The first 0 designates the interval between the first and second sampling occasion in year 1, the second 0 designates the interval between the second and third sampling occasion in year 1, and the 1 indicated the change from primary period 1 to primary period 2. See process.data for more information on the use of time.intervals.

Examples

Run this code


# \donttest{
# This example is excluded from testing to reduce package check time
data(RDOccupancy)
#
# Example of epsilon=1-gamma
test_proc=process.data(RDOccupancy,model="RDOccupEG",time.intervals=c(0,0,1,0,0,1,0,0))
test_ddl=make.design.data(test_proc)
test_ddl$Epsilon$eps=-1
test_ddl$Gamma$eps=1
p.dot=list(formula=~1)
Epsilon.random.shared=list(formula=~-1+eps, share=TRUE)
model=mark(test_proc,test_ddl,model.parameters=list(Epsilon=Epsilon.random.shared, p=p.dot),
            delete=TRUE)
#
# A self-contained function for evaluating a set of user-defined candidate models
run.RDExample=function()
{
# Creating list of potential predictor variables for Psi

Psi.area=list(formula=~samplearea)
Psi.cover=list(formula=~cover)
Psi.areabycover=list(formula=~samplearea*cover)
Psi.dot=list(formula=~1)
Psi.time=list(formula=~time)

# Creating list of potential predictor variables for p
# When coding formula with session-dependent (primary or secondary)
# covariates, you do NOT have to include the session identifiers (
# the ps of occps) in the model formula. You only need to specify ~occ.
# The variable suffix can be primary occasion numbers or
# primary and secondary occasion numbers.

p.dot=list(formula=~1)
p.occ=list(formula=~occ)
p.area=list(formula=~sample.area)
p.coverbyocc=list(formula=~occ*cover)

# Creating list of potential predictor variables for Gamma
# and/or Epsilon (depending on which RDOccupXX Parameterization is used)

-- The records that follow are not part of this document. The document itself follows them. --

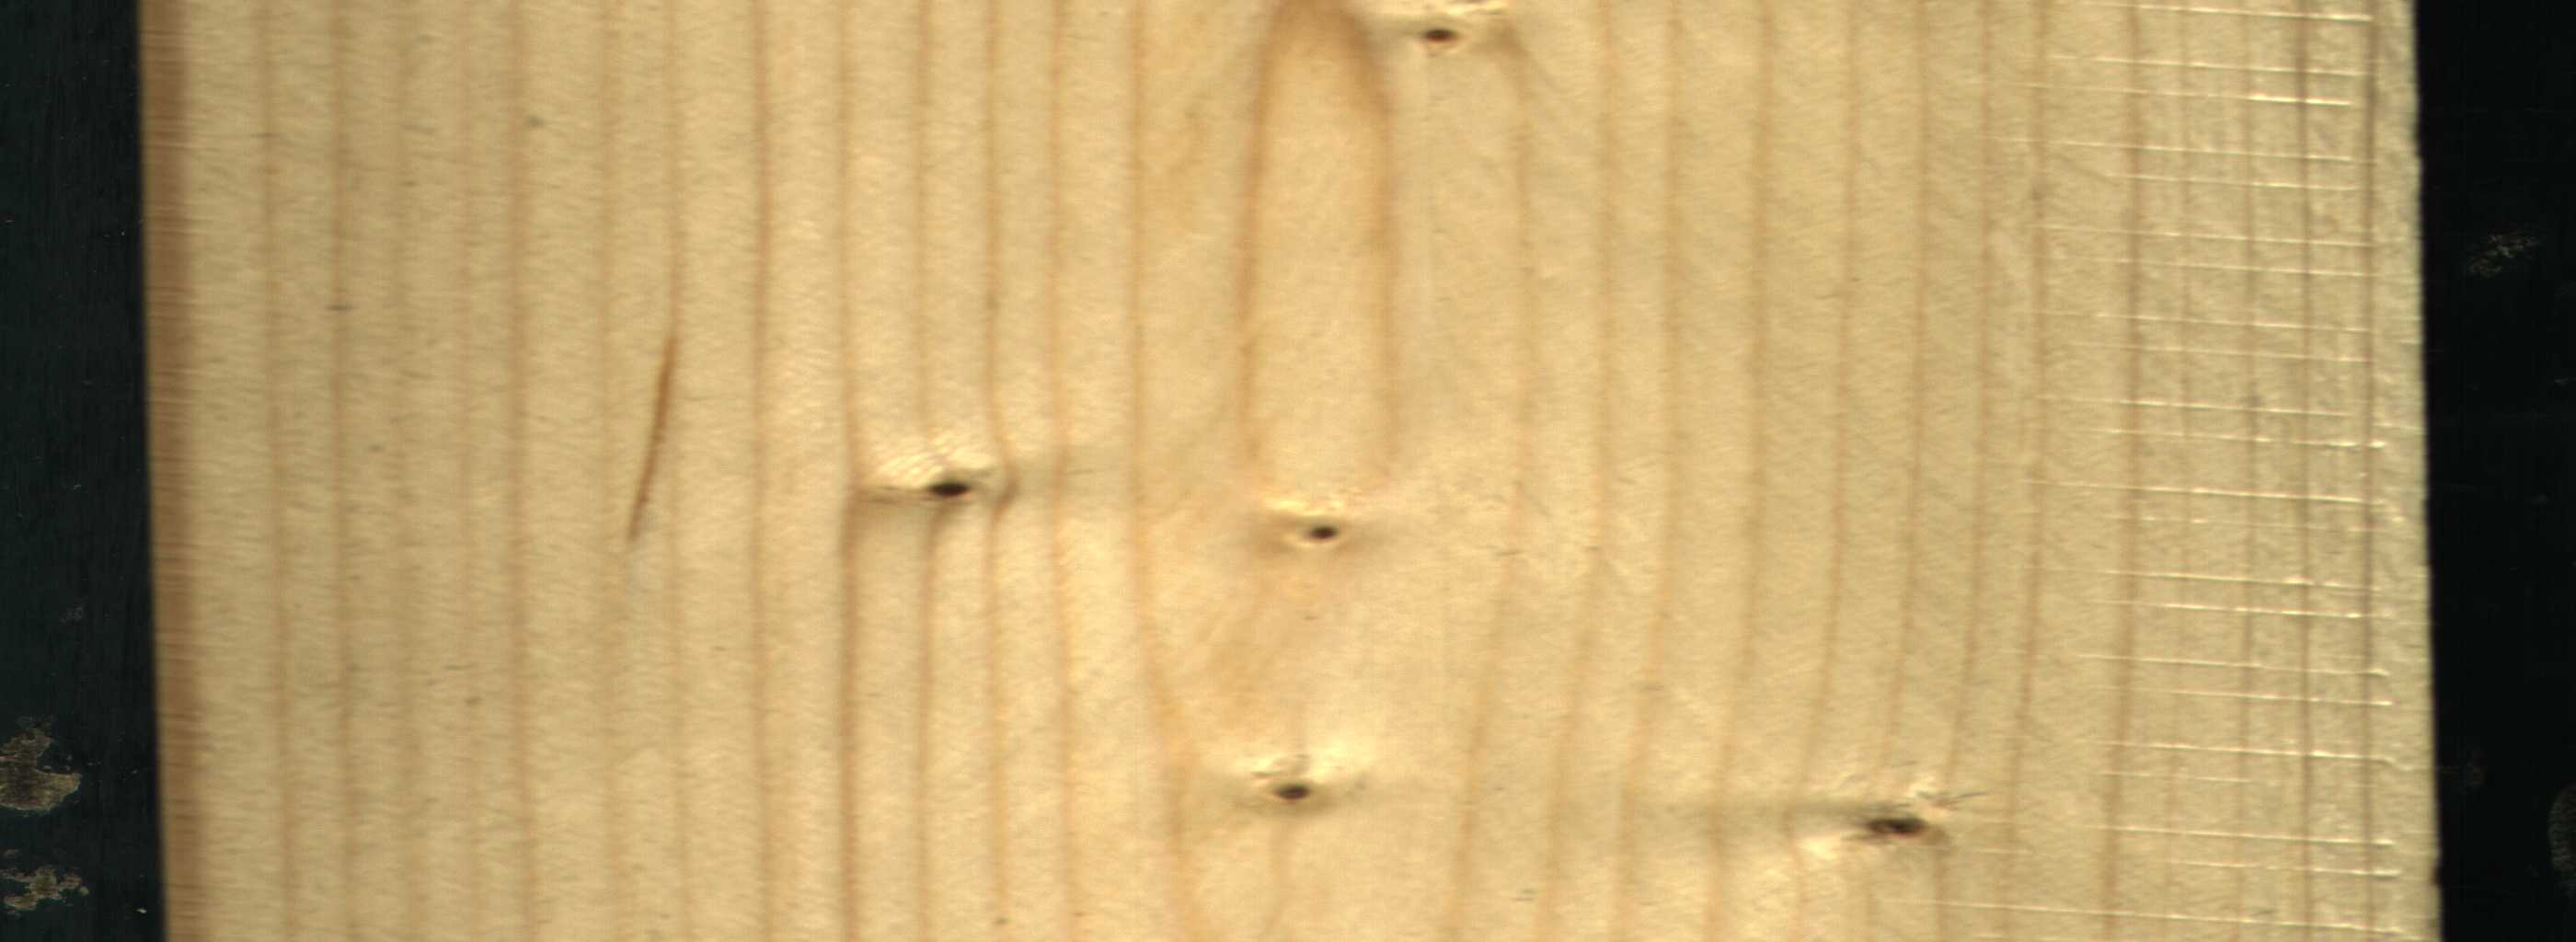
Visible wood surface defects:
resin
Dead_Knot
Dead_Knot
Dead_Knot
Dead_Knot
Dead_Knot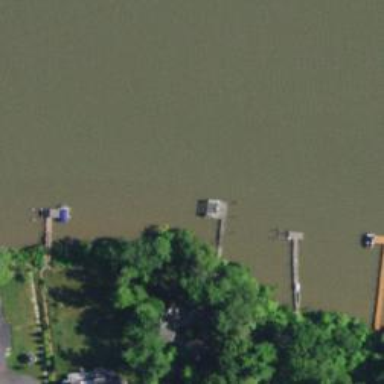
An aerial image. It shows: Dock by the waterway.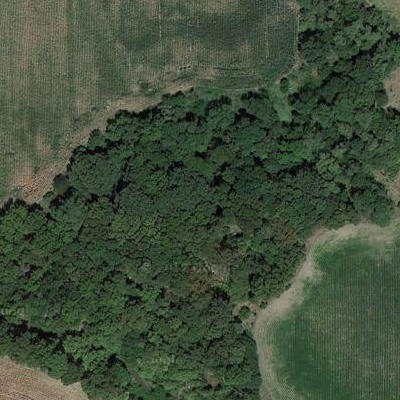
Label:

gam.area=list(formula=~samplearea)
epsilon.area=list(formula=~samplearea)
gam.dot=list(formula=~1)
epsilon.dot=list(formula=~1)

# setting time intervals for 3 primary sessions with
# secondary session length of 3,3,3

time_intervals=c(0,0,1,0,0,1,0,0)

# Initial data processing for RMARK RDOccupPG
# (see RMARK appendix C-3 for list of RDOccupXX model paramterizations)

RD_process=process.data(RDOccupancy, model="RDOccupPG",
time.intervals=time_intervals)
RD_ddl=make.design.data(RD_process)
# Candidate model list
# 1. Occupancy, detection, and colonization are constant

model.p.dot.Psi.dot.gam.dot<-mark(RD_process, RD_ddl,
model.parameters=list(p=p.dot, Psi=Psi.dot, Gamma=gam.dot),
invisible=TRUE,delete=TRUE)

# 2. Occupancy varies by time, detection is constant,
# colonization is constant

model.p.dot.Psi.time.gam.dot<-mark(RD_process, RD_ddl,
model.parameters=list(p=p.dot, Psi=Psi.time, Gamma=gam.dot),
invisible=TRUE,delete=TRUE)

# 3. Occupancy varies by area, detection is constant,
# colonization varies by area

model.p.dot.Psi.area.gam.area<-mark(RD_process,
RD_ddl, model.parameters=list(p=p.dot, Psi=Psi.area,
Gamma=gam.area), invisible=TRUE,delete=TRUE)

# 4. Occupancy varies by cover, detection is constant,
# colonization varies by area

model.p.dot.Psi.cover.gam.area<-mark(RD_process, RD_ddl,
model.parameters=list(p=p.dot, Psi=Psi.cover, Gamma=gam.area),
invisible=TRUE,delete=TRUE)

# 5. Occupancy is constant, detection is session dependent,
# colonization is constant

model.p.occ.Psi.dot.gam.dot<-mark(RD_process, RD_ddl,
model.parameters=list(p=p.occ, Psi=Psi.dot, Gamma=gam.dot),
invisible=TRUE,delete=TRUE)

# 6. Occupancy varied by area, detection is session
# dependent, colonization is constant
model.p.occ.Psi.area.gam.dot<-mark(RD_process, RD_ddl,
model.parameters=list(p=p.occ, Psi=Psi.area, Gamma=gam.dot),
invisible=TRUE,delete=TRUE)
#
# Return model table and list of models
#
return(collect.models())
}
# This runs the 6 models above-Note that if you use
# invisible=FALSE in the above model calls
# then the mark.exe prompt screen will show as each model is run.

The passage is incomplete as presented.